======== PROVIDED DATA ========

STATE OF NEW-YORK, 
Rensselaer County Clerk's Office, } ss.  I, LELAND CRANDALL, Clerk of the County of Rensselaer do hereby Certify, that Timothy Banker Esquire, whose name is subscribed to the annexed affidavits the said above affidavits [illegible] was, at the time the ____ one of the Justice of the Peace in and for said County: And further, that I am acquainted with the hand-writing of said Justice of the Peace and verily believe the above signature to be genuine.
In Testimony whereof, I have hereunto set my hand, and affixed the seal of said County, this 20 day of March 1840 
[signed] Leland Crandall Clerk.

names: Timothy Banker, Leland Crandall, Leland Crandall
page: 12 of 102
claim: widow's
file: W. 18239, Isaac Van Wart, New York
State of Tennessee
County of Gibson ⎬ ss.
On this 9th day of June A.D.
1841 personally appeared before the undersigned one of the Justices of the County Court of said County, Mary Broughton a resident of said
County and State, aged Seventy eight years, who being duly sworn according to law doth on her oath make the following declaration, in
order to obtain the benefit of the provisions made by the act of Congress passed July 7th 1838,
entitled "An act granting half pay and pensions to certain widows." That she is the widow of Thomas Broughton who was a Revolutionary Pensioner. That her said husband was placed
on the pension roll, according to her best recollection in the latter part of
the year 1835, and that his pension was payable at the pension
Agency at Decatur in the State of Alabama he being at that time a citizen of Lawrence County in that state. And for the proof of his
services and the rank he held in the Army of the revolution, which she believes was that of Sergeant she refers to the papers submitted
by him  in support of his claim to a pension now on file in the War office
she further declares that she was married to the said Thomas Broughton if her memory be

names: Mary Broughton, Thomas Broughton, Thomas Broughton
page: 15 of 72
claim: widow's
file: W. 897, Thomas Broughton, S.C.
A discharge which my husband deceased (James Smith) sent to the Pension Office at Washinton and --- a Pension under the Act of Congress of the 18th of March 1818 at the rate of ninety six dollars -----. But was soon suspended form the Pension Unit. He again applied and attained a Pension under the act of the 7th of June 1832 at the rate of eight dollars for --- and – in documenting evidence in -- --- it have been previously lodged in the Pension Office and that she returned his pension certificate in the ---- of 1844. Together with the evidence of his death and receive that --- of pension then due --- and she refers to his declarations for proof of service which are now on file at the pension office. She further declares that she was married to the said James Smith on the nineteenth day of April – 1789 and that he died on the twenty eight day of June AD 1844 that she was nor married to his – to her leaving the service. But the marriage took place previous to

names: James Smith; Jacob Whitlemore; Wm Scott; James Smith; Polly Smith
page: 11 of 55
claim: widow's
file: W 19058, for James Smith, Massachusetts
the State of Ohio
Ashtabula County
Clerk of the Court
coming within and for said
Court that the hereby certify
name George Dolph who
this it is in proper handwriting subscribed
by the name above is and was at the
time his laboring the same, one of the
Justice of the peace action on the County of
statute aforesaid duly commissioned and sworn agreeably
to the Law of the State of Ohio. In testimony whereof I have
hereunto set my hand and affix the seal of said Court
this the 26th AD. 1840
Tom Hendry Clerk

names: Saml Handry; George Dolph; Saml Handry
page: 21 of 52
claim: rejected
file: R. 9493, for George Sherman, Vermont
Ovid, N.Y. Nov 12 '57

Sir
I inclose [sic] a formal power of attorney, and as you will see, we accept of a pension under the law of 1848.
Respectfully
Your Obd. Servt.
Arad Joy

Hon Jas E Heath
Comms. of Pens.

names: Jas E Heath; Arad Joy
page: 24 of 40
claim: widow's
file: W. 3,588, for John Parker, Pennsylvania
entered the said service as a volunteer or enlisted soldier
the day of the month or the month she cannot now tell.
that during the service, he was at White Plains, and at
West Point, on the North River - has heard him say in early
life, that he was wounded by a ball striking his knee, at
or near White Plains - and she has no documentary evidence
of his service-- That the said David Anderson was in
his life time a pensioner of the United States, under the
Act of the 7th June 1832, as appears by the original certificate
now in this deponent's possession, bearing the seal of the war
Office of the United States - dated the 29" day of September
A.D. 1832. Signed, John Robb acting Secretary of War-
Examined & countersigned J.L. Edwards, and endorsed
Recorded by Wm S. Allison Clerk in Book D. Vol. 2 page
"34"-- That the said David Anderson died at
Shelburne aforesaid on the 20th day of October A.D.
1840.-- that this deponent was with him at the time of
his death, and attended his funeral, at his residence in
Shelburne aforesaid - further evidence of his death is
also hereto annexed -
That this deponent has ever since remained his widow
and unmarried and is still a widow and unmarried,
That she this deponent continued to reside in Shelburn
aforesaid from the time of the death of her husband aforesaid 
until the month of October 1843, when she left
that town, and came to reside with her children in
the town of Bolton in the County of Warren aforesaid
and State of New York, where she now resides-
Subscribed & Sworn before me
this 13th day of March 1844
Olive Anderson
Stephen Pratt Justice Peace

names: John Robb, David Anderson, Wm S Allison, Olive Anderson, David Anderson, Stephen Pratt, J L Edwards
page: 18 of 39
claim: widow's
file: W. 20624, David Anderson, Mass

========

REQUIRED ACTION:
Of the lines above, retype only those from the line containing "she further declares that she was married to the said Thomas" through the line containing "file: W. 897, Thomas Broughton, S.C.", including both, exactly.

REPLY TO THE EXERCISE:
she further declares that she was married to the said Thomas Broughton if her memory be

names: Mary Broughton, Thomas Broughton, Thomas Broughton
page: 15 of 72
claim: widow's
file: W. 897, Thomas Broughton, S.C.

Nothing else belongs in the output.